--- INFORMATION SHOWN Enclosed Below ---

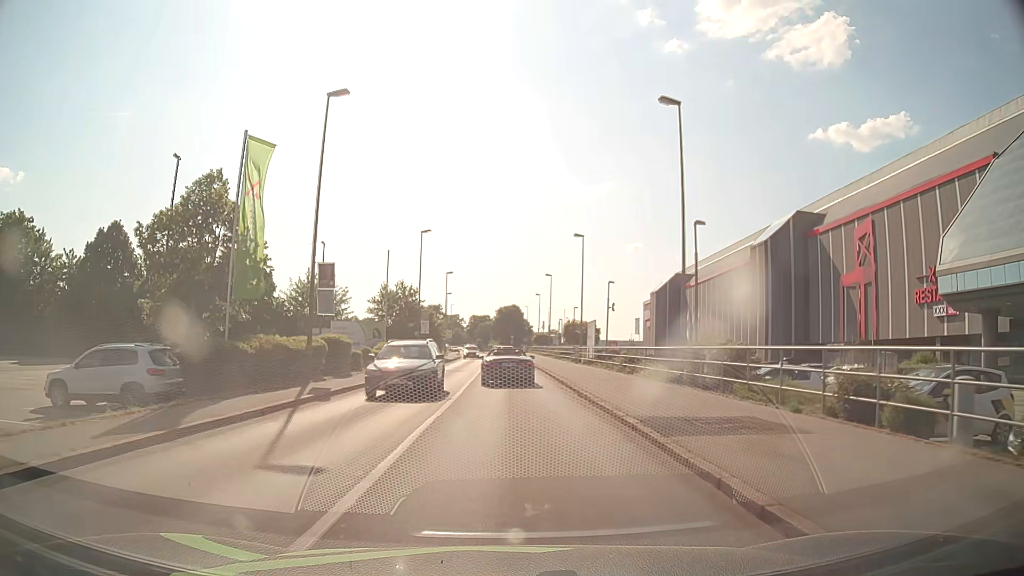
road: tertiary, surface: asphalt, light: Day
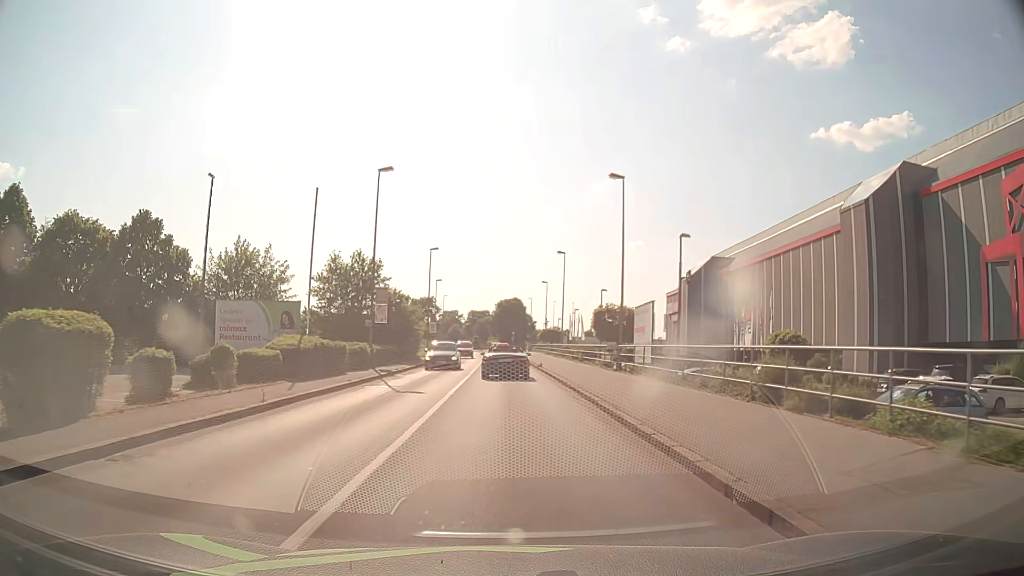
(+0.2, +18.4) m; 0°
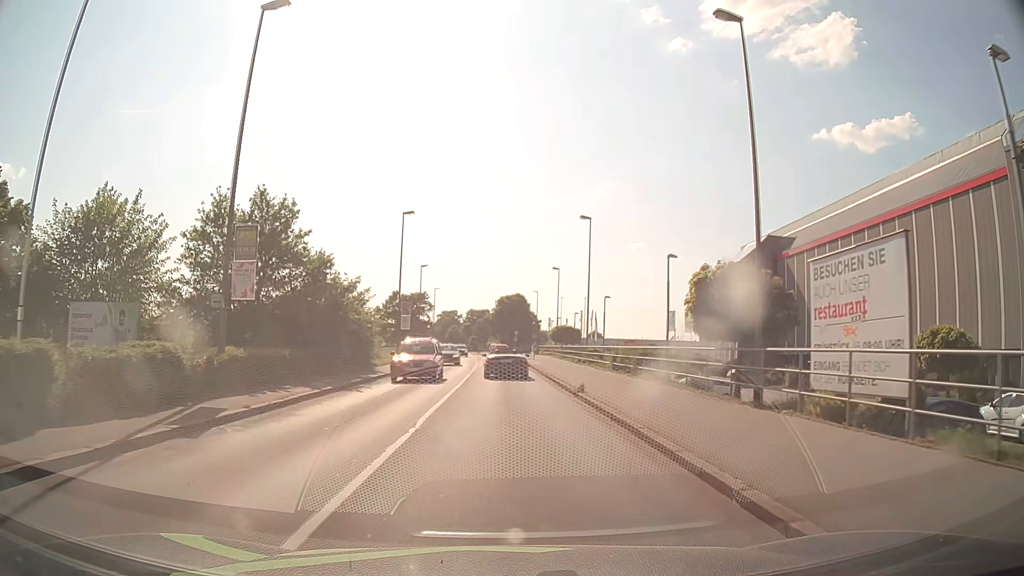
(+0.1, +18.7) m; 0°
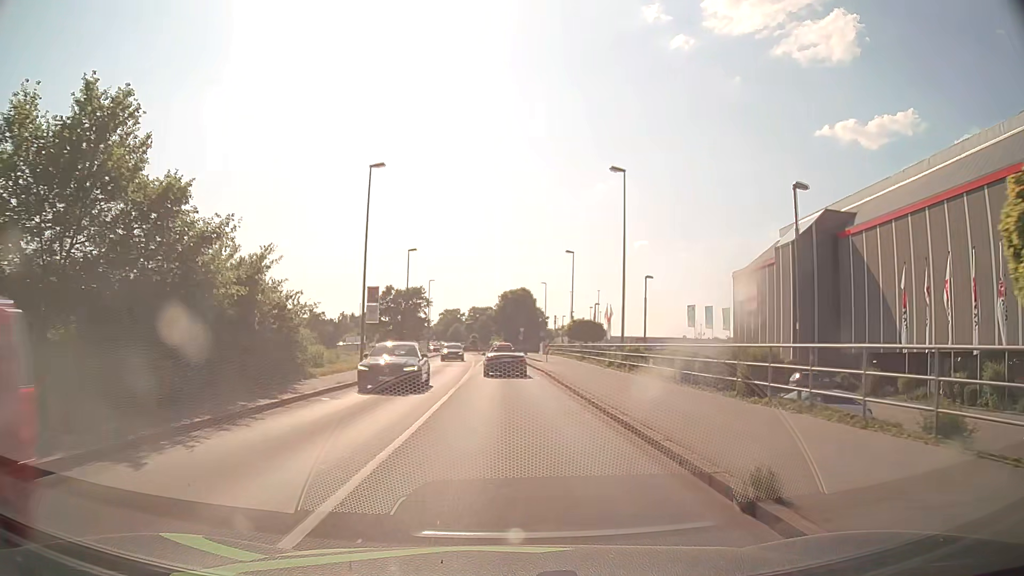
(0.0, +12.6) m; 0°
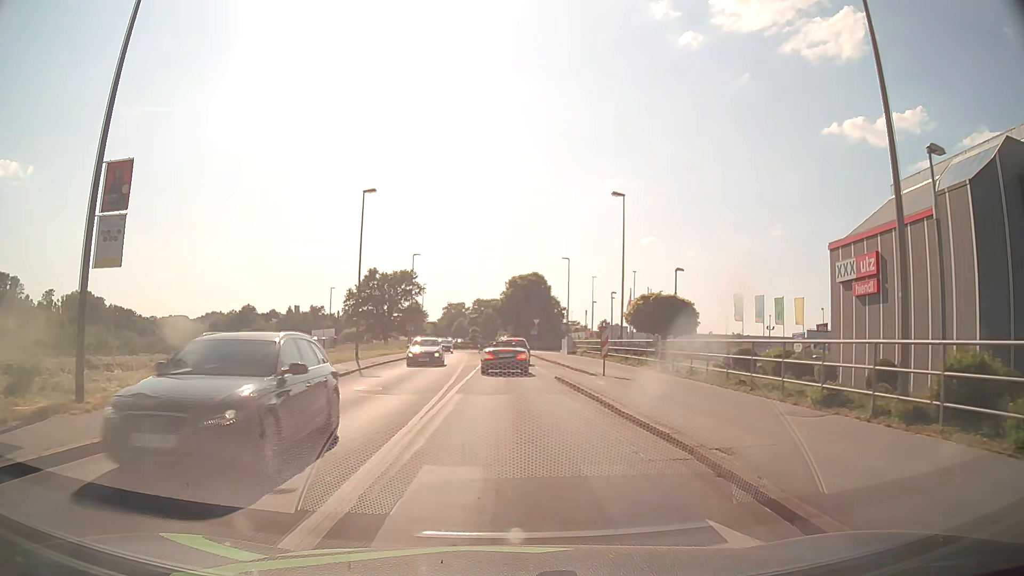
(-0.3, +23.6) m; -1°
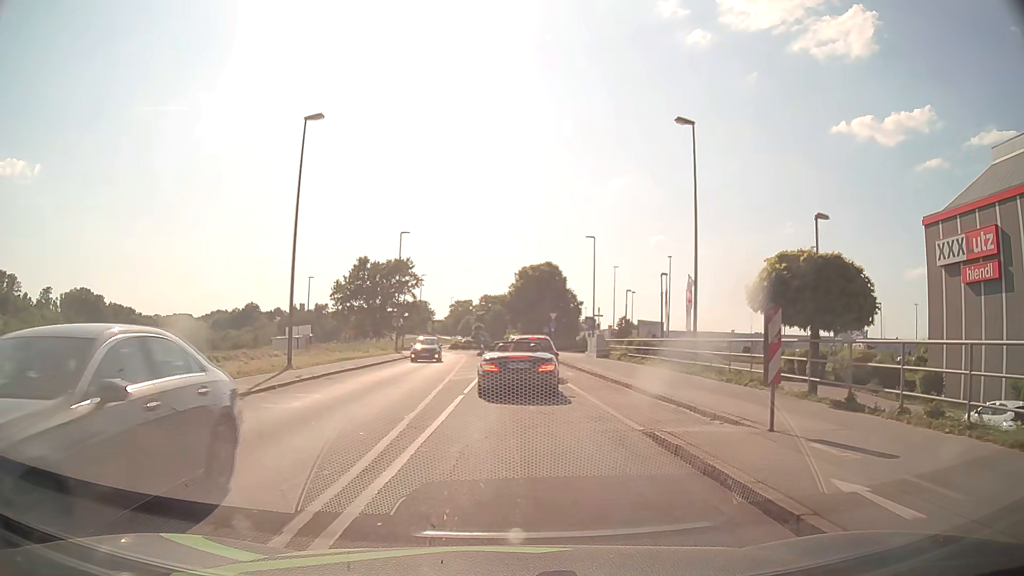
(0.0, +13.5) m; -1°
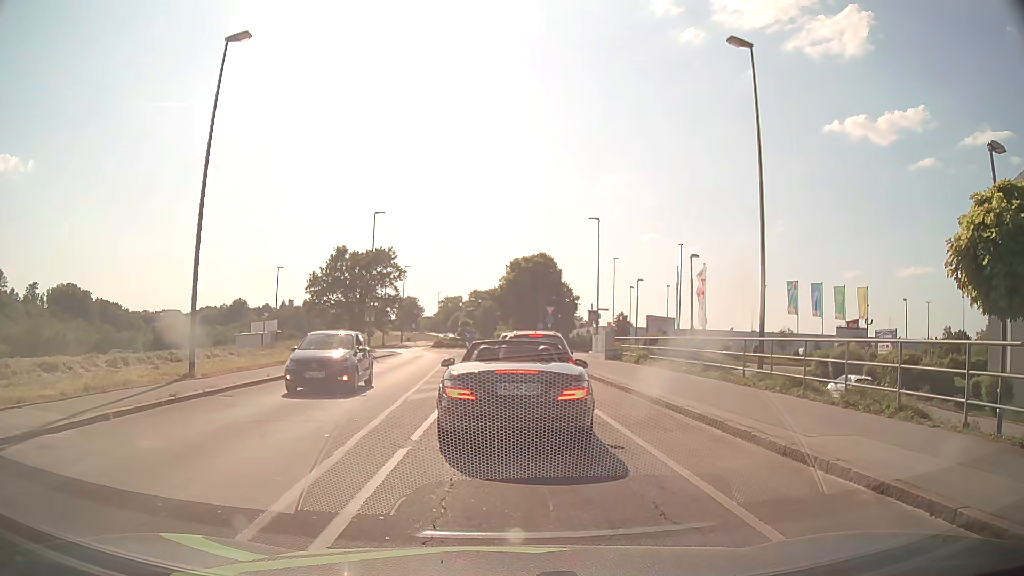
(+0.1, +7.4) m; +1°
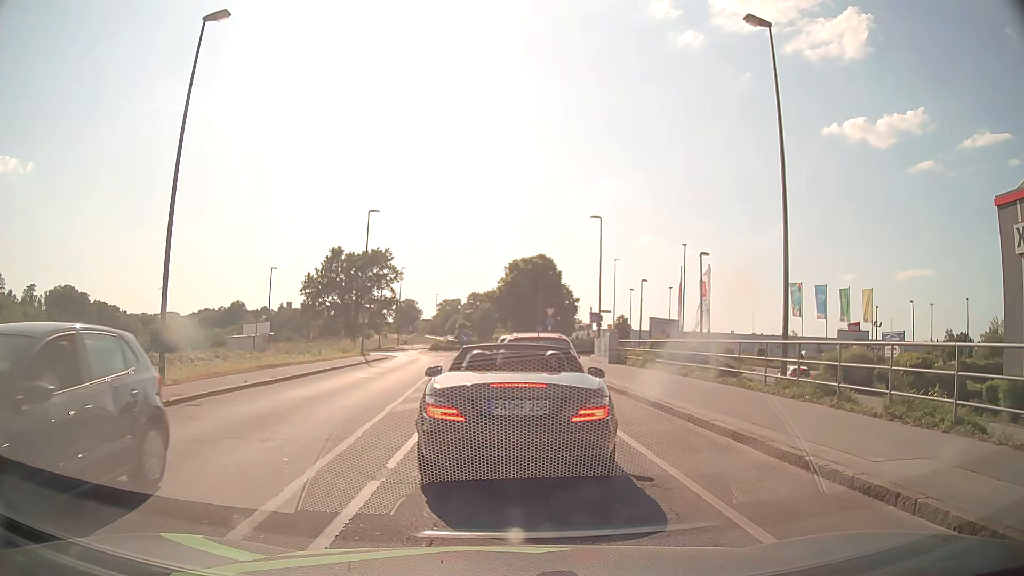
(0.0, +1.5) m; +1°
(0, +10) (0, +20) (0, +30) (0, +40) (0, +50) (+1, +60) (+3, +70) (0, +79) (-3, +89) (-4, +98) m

--- End of Enclosed INFORMATION SHOWN ---

§ **TASK REQUIREMENTS**
Reproduce the records above exactly, excluding every picture.

§ **YOUR RESPONSE**
road: tertiary, surface: asphalt, light: Day
(+0.2, +18.4) m; 0°
(+0.1, +18.7) m; 0°
(0.0, +12.6) m; 0°
(-0.3, +23.6) m; -1°
(0.0, +13.5) m; -1°
(+0.1, +7.4) m; +1°
(0.0, +1.5) m; +1°
(0, +10) (0, +20) (0, +30) (0, +40) (0, +50) (+1, +60) (+3, +70) (0, +79) (-3, +89) (-4, +98) m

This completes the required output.